Index mutation keeps getting stuck

In our test environment we keep seeing index mutations becoming stuck, particularly on one particular bucket (ticket_bucket) but as you can see it’s also starting to occur on other buckets:

It’s a single node, couchbase 6.5.1 - autonomous operator running on an Azure kubernetes cluster.

Relevant logs:
logs.zip (3.9 MB)

This is a quiet, low volume system so it’s not a performance issue. It’s the second time we’ve seen it (the first time we saw it, we blew the environment away and started again). Any help will be greatly appreciated.

I deleted the ticket bucket primary index and tried to recreate but got this:
“GSI CreatePrimaryIndex() - cause: Create index or Alter replica cannot proceed due to rebalance in progress, another concurrent create index request, network partition, node failover, indexer failure, or presence of duplicate index name.”

@pc , thanks for sharing the logs. It looks like one of the projectors(the process which forwards the mutations from data service to index service) is stuck and not responding. You can kill the projector process to unblock. Also, if you can share the projector log file, we can check what the issue is with the projector.
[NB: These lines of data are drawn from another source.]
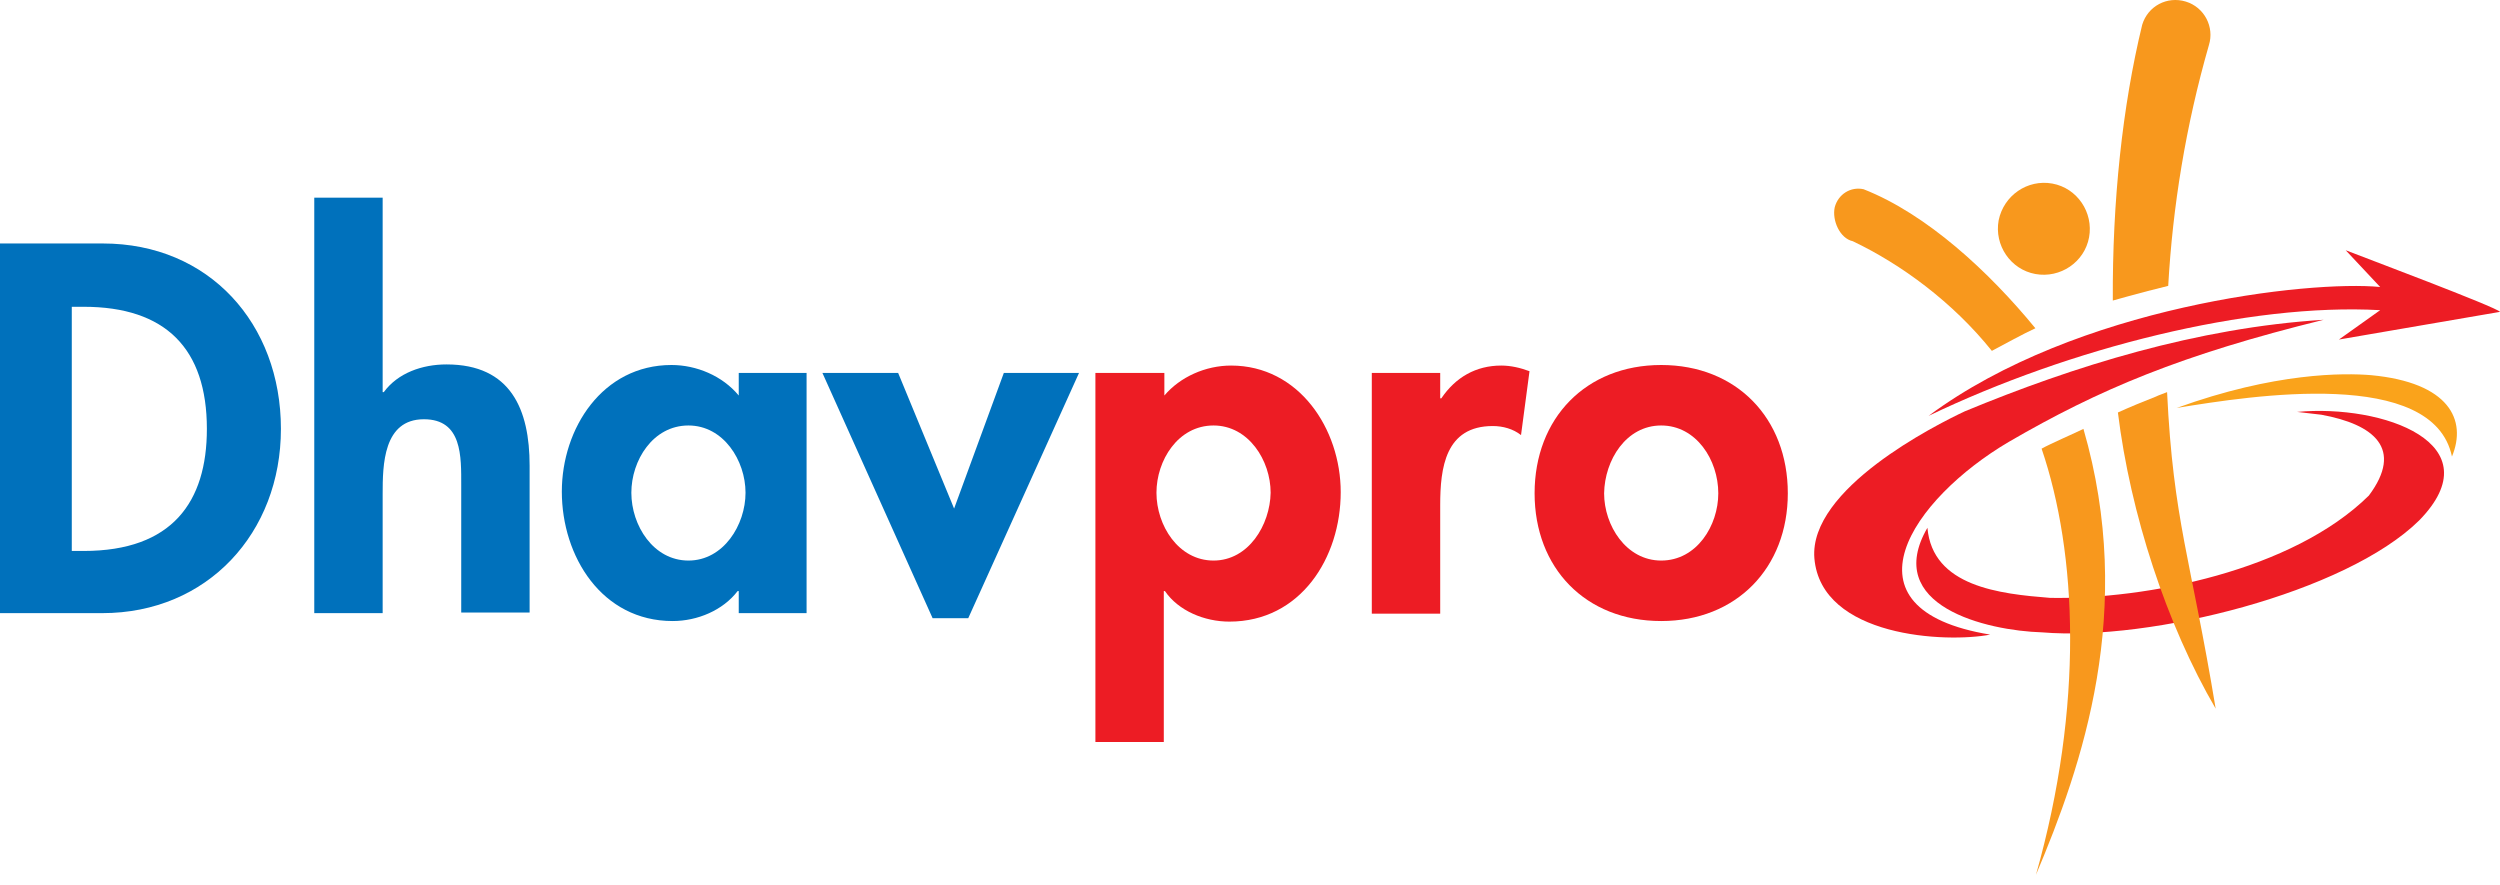<svg width="161" height="57" viewBox="0 0 161 57" fill="none" xmlns="http://www.w3.org/2000/svg">
<path d="M0 39.486H6.589C13.359 39.486 18.091 34.317 18.091 27.62C18.091 20.849 13.468 15.68 6.625 15.68H0V39.486ZM4.623 19.757H5.387C10.665 19.757 13.323 22.451 13.323 27.62C13.323 32.315 11.102 35.482 5.387 35.482H4.623V19.757Z" fill="#0071BC"/>
<path d="M20.239 12.731V39.485H24.643V31.805C24.643 29.948 24.68 27 27.3 27C29.776 27 29.703 29.402 29.703 31.259V39.449H34.107V29.985C34.107 26.381 32.906 23.469 28.756 23.469C27.191 23.469 25.626 24.015 24.716 25.253H24.643V12.731H20.239Z" fill="#0071BC"/>
<path d="M51.944 24.015H47.575V25.471C46.52 24.198 44.846 23.506 43.244 23.506C38.803 23.506 36.182 27.583 36.182 31.66C36.182 35.846 38.767 39.995 43.317 39.995C44.918 39.995 46.556 39.304 47.503 38.066H47.575V39.486H51.944V24.015ZM44.336 36.1C42.079 36.1 40.659 33.844 40.659 31.732C40.659 29.658 42.043 27.401 44.336 27.401C46.593 27.401 48.012 29.658 48.012 31.732C48.012 33.807 46.593 36.1 44.336 36.1Z" fill="#0071BC"/>
<path d="M57.84 24.016H52.963L60.061 39.814H62.354L69.489 24.016H64.647L61.444 32.752L57.84 24.016Z" fill="#0071BC"/>
<path d="M74.949 24.015H70.544V47.785H74.949V38.066H75.022C75.895 39.34 77.57 40.032 79.171 40.032C83.758 40.032 86.342 35.918 86.342 31.696C86.342 27.619 83.649 23.542 79.281 23.542C77.642 23.542 76.004 24.27 74.985 25.471V24.015H74.949ZM78.152 36.1C75.895 36.1 74.476 33.843 74.476 31.732C74.476 29.657 75.859 27.401 78.152 27.401C80.409 27.401 81.829 29.657 81.829 31.732C81.792 33.807 80.409 36.1 78.152 36.1Z" fill="#ED1C24"/>
<path d="M92.749 24.015H88.344V39.522H92.749V32.533C92.749 30.131 93.076 27.437 96.134 27.437C96.789 27.437 97.444 27.619 97.954 28.019L98.5 23.906C97.918 23.688 97.299 23.542 96.68 23.542C95.042 23.542 93.731 24.306 92.821 25.653H92.749V24.015Z" fill="#ED1C24"/>
<path d="M106.981 23.506C102.14 23.506 98.828 26.927 98.828 31.769C98.828 36.574 102.104 39.995 106.981 39.995C111.823 39.995 115.135 36.574 115.135 31.769C115.135 26.927 111.823 23.506 106.981 23.506ZM106.981 27.401C109.238 27.401 110.658 29.621 110.658 31.769C110.658 33.844 109.275 36.1 106.981 36.1C104.725 36.1 103.305 33.844 103.305 31.769C103.341 29.621 104.725 27.401 106.981 27.401Z" fill="#ED1C24"/>
<path fill-rule="evenodd" clip-rule="evenodd" d="M147.932 26.527L149.497 26.709C152.883 27.328 154.812 28.893 152.555 31.915C147.641 36.756 138.213 38.612 132.025 38.503C128.785 38.248 124.454 37.775 124.126 33.989C121.214 39.013 127.912 40.614 131.516 40.724C138.468 41.306 151.063 38.175 155.795 33.516C160.636 28.566 153.465 26.018 147.932 26.527Z" fill="#ED1C24"/>
<path fill-rule="evenodd" clip-rule="evenodd" d="M132.171 11.822C133.772 12.113 134.828 13.678 134.537 15.28C134.245 16.882 132.68 17.937 131.079 17.646C129.477 17.355 128.421 15.79 128.713 14.188C129.04 12.586 130.569 11.531 132.171 11.822Z" fill="#F8981D"/>
<path fill-rule="evenodd" clip-rule="evenodd" d="M120.013 12.186C124.09 13.787 128.094 17.5 131.079 21.14C130.351 21.468 128.967 22.232 128.276 22.596C125.764 19.466 122.452 17.027 119.321 15.535C118.484 15.353 117.974 14.188 118.156 13.351C118.375 12.513 119.176 12.004 120.013 12.186ZM134.173 27.62C137.558 39.304 134.1 49.278 131.115 56.34C134.209 45.419 133.772 35.628 131.479 28.894C131.989 28.602 133.663 27.874 134.173 27.62Z" fill="#F8981D"/>
<path fill-rule="evenodd" clip-rule="evenodd" d="M142.254 2.903C140.761 8.109 139.924 13.277 139.633 18.41C138.759 18.628 137.885 18.847 136.975 19.102C136.684 19.174 136.357 19.284 136.065 19.356C136.029 12.986 136.684 6.835 137.958 1.593C138.322 0.392 139.56 -0.264 140.761 0.1C141.962 0.464 142.618 1.738 142.254 2.903ZM139.56 25.253C139.96 33.553 141.089 35.955 142.69 45.638C139.523 40.214 137.194 33.079 136.393 26.564C137.194 26.2 137.995 25.872 138.832 25.544C139.05 25.435 139.305 25.362 139.56 25.253Z" fill="#F8981D"/>
<path fill-rule="evenodd" clip-rule="evenodd" d="M129.368 28.456C135.192 25.071 140.47 22.851 149.643 20.594C141.489 21.104 133.554 23.579 126.529 26.491C124.672 27.364 116.482 31.478 116.846 35.955C117.283 41.051 125.364 41.415 128.167 40.869C118.193 39.231 123.18 32.097 129.368 28.456Z" fill="#ED1C24"/>
<path fill-rule="evenodd" clip-rule="evenodd" d="M161 20.084C160.818 19.793 152.082 16.517 151.063 16.116L153.283 18.482C148.733 18.045 133.772 19.683 124.199 26.782C133.299 22.413 144.802 19.502 153.283 19.975L150.626 21.867L161 20.084Z" fill="#ED1C24"/>
<path fill-rule="evenodd" clip-rule="evenodd" d="M140.179 26.272C145.057 25.471 156.705 23.651 157.906 29.402C158.889 27.036 157.724 24.634 152.701 24.161C150.953 24.015 146.513 23.979 140.179 26.272Z" fill="#FAA31B"/>
</svg>

2021-06-04T10:25:41.221+00:00 [Warn] Slow/Hung Operation: KVSender::sendMutationTopicRequest did not respond for 68h36m33.258388772s for projector cb-0000.cb.test-tdm.svc:9
999 topic MAINT_STREAM_TOPIC_f55e55d41c45ea1ff7ff9824dad0b3f2 bucket location_bucket
2021-06-04T10:25:41.221+00:00 [Warn] Slow/Hung Operation: KVSender::sendMutationTopicRequest did not respond for 68h36m32.640886572s for projector cb-0000.cb.test-tdm.svc:9
999 topic MAINT_STREAM_TOPIC_f55e55d41c45ea1ff7ff9824dad0b3f2 bucket prediction_bucket
2021-06-04T10:25:42.221+00:00 [Warn] Slow/Hung Operation: KVSender::sendMutationTopicRequest did not respond for 68h36m33.047651308s for projector cb-0000.cb.test-tdm.svc:9
999 topic MAINT_STREAM_TOPIC_f55e55d41c45ea1ff7ff9824dad0b3f2 bucket weather_bucket

Thanks for your response.

I’ve killed the projector a couple of times and left it for about 10 mins but it hasn’t made any difference on the outstanding index mutations.

The projector log which includes one of the projector restarts is here:
projector.zip (1.3 MB)

If i kill the whole kubernetes pod and wait for it to come back, it processes all mutations before then becoming stuck again.